1 # Second, bitwise 2 # calculates twos complement for bit 3 # & with: two's complement operands are taken, for bit & If both bits are 1, 1 is returned, otherwise 0 4 # | or: to bits | , if there are two bits a 1, the result is 1, otherwise 0 5 # ^ XOR: ^ to bits , if the two bits are not the same as 1, otherwise 0 . 6 # << left shift: for complement moved leftward, the right to use the sign bit 0 padded. Each mobile one, is equivalent to * 2 . 7 # >> right shift: to move to the right complement, sign bit to the left to fill. Each mobile one, divided by two is equivalent to, if not divisible, corresponding to the rounded down 8 # ~ bitwise: unary operator, get complement, including the sign bit are inverted. . 9 A = 0b10001 10 B = 0b01011 . 11 # 00001 12 is 13 is C = - 2 14 D = . 5 15# - 2 1010 1110 complement 16 # 0101 0101 complement 17 # 0100 complement 18 is Print (C & D) . 19 20 is # - 2 1010 1110 complement 21 # 0101 0101 complement 22 is # | complement 1111 1001 ---- - . 1 23 is Print (C | D) 24 25 # - 2 1010 1110 complement 26 # 0101 0101 complement 27 # 1011 complement 1101 ---- - . 5 28 print(c^d) 29 30 # 2 31 # 0010 32 #00100---4 33 print(2<<1) 34 35 36 # 2 37 # 0000 0010 38 # 00 001000---8 39 print(2<<2) 40 41 print(2<<3)#---16 2*2**3=16 42 43 print(15<<3) #15*2**3 44 45 46 47 # 2 >>1 48 #0010 49 #0001----1 50 print(2>>1) 51 52 #15 >>1 53 # 0000 1111 54 # 0000 0111-----7 15//2 =7 55 print(15>>1) 56 print(-15>>1) 57 58 # 0000 1111 59 # 1111 0000----10010000--- - 16 60 print(~15)

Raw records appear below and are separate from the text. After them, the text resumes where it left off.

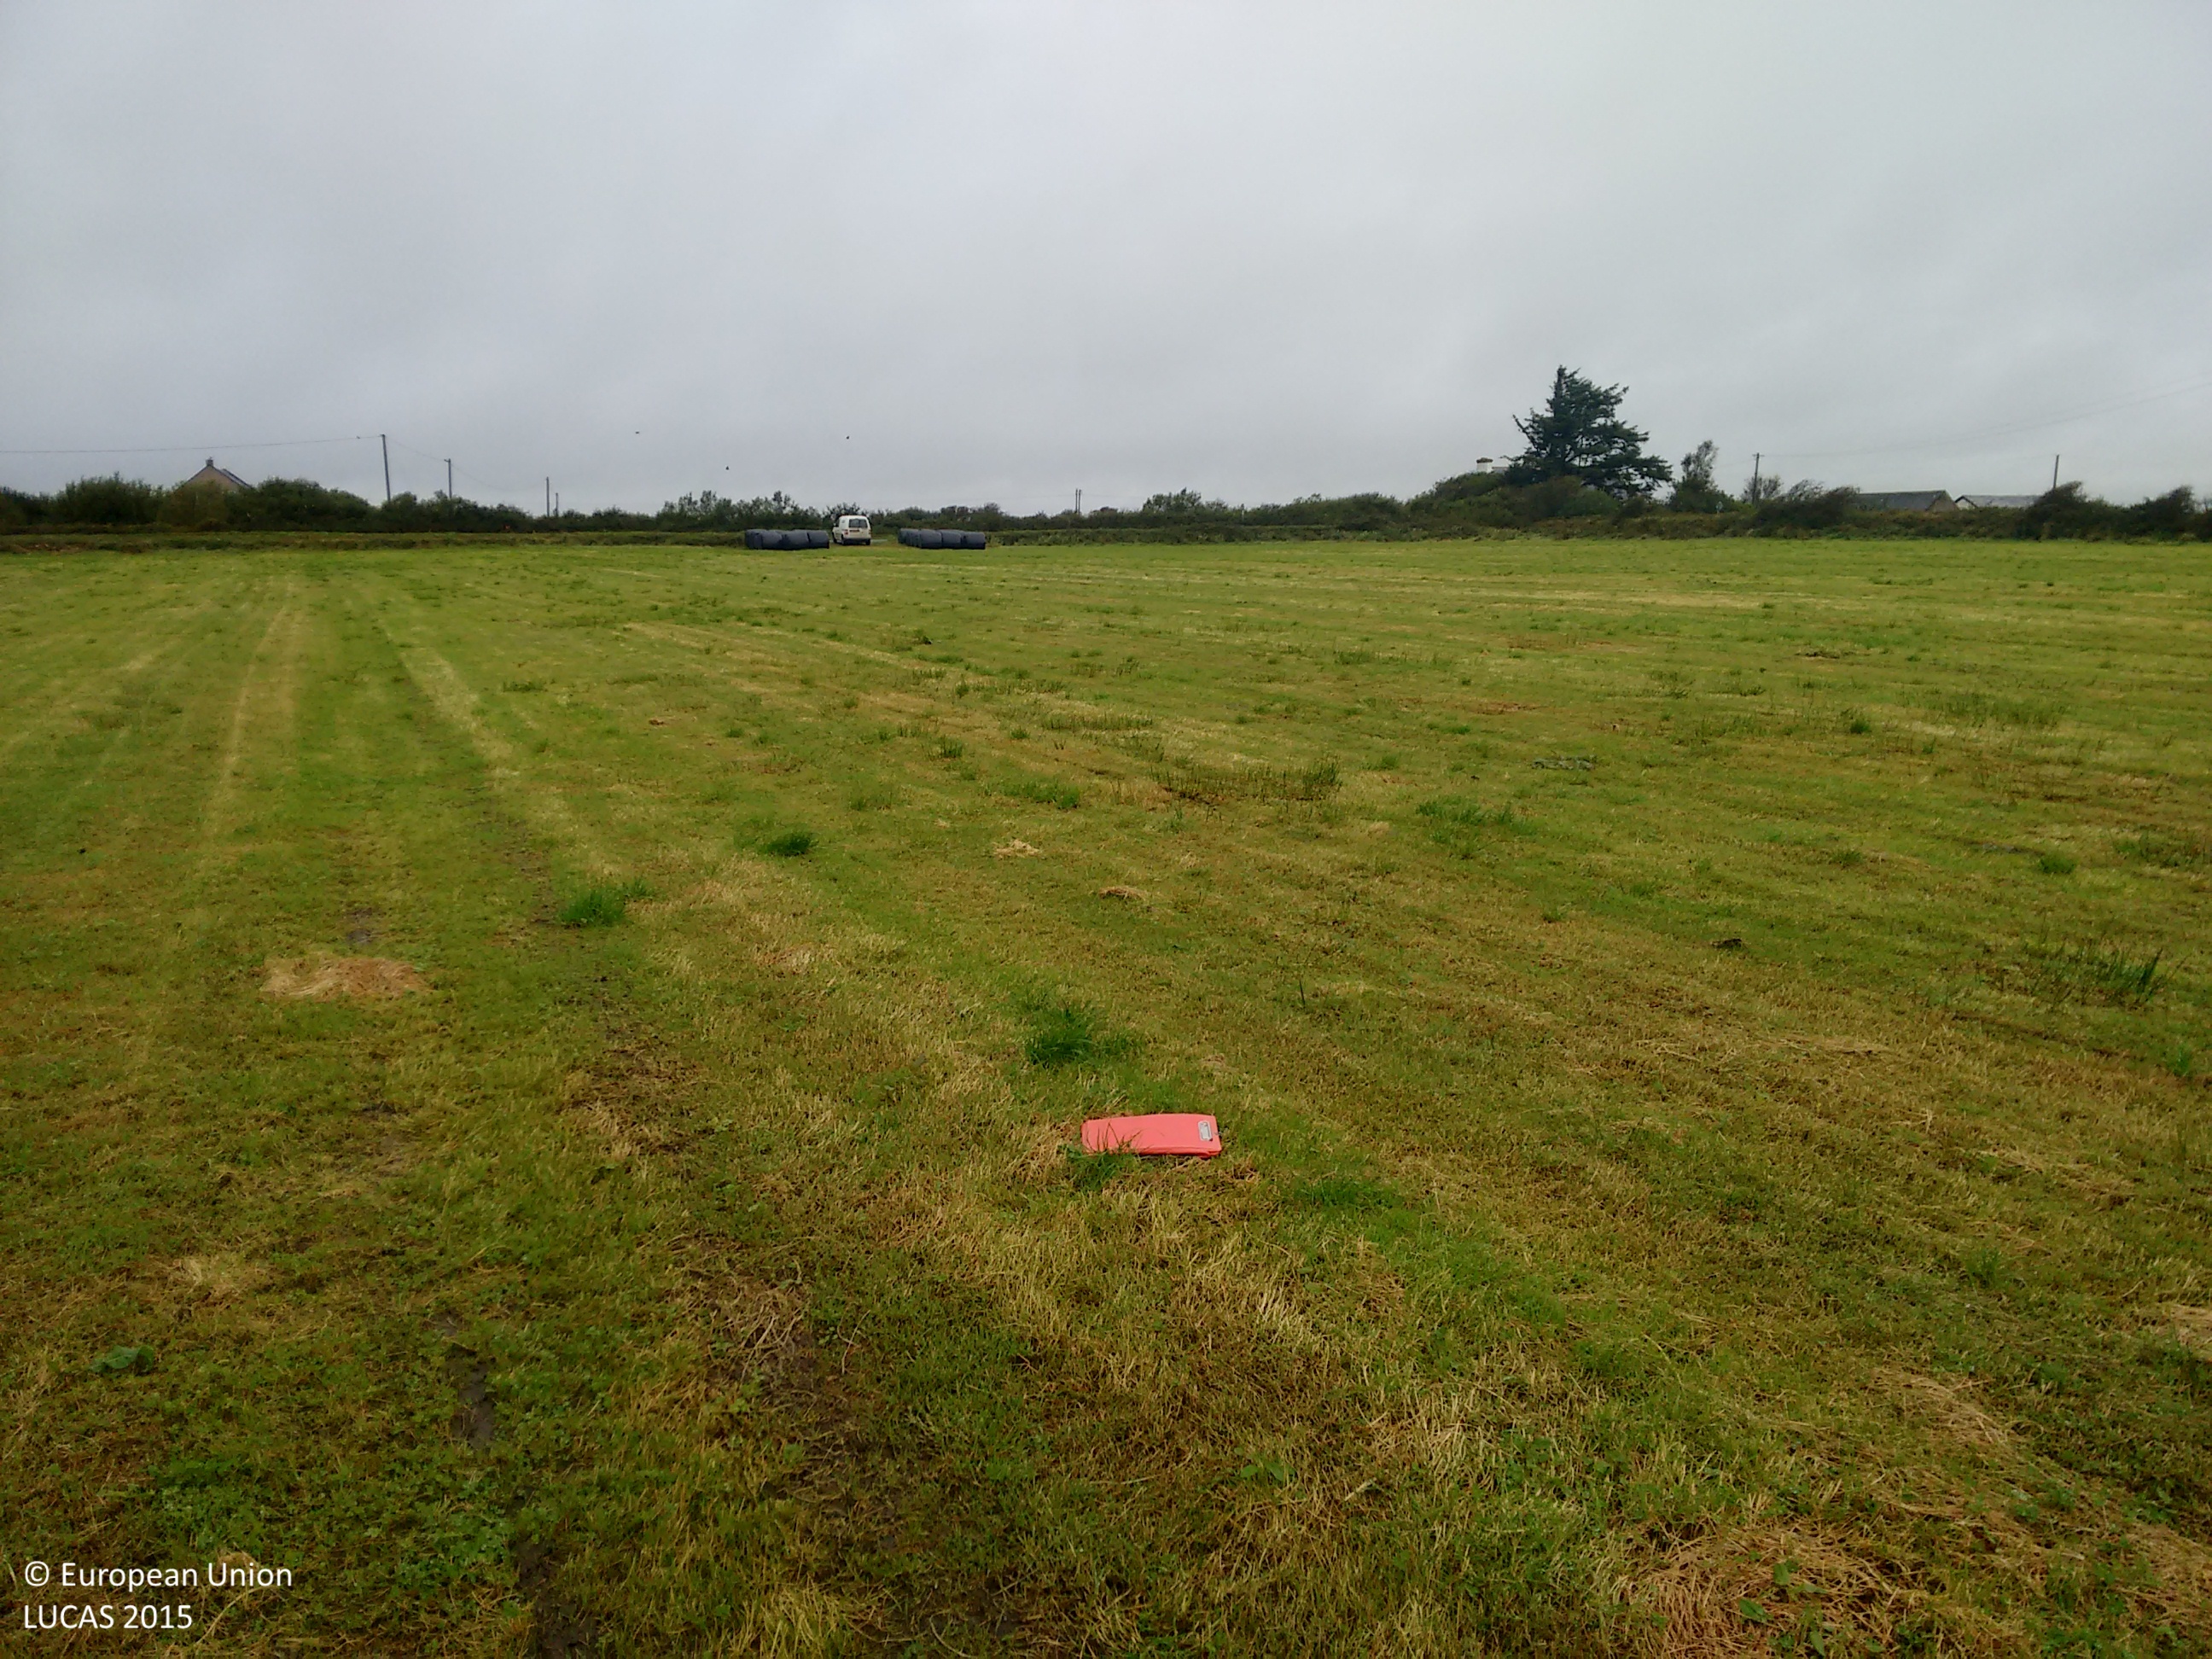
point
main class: Grassland
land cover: Grassland without tree/shrub cover
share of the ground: > 75 %
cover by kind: herbaceous plants 95 %, unconsolidated bare surface 5 %
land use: Agriculture (excluding fallow land and kitchen gardens)
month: September
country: IE
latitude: 52.6717
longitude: -9.5644

# To sixteen machine simulation: # - 27 --------> twos complement 0B 1000 0000 0001 1011 # - 27 << 3 -----> - 27 left three twos complement 0B 1000 0000 1101 1000 --- ---> decimal - 216 # - 27 >> . 3 -----> --27 right by 3 bits twos complement 0B 1000 0000 0000 0100 ------> decimal - . 4 print(-27<<3) print(-27>>3) NUM = int (INPUT ( " Please enter a number: ' )) # N-bit left shift operation is equivalent to the 2 ^ n, then 7 = 2 ^ . 3 - 2 ^ 0 , it is understood num num subtracting the left by 3 bits Print ((NUM << . 3 ) - NUM)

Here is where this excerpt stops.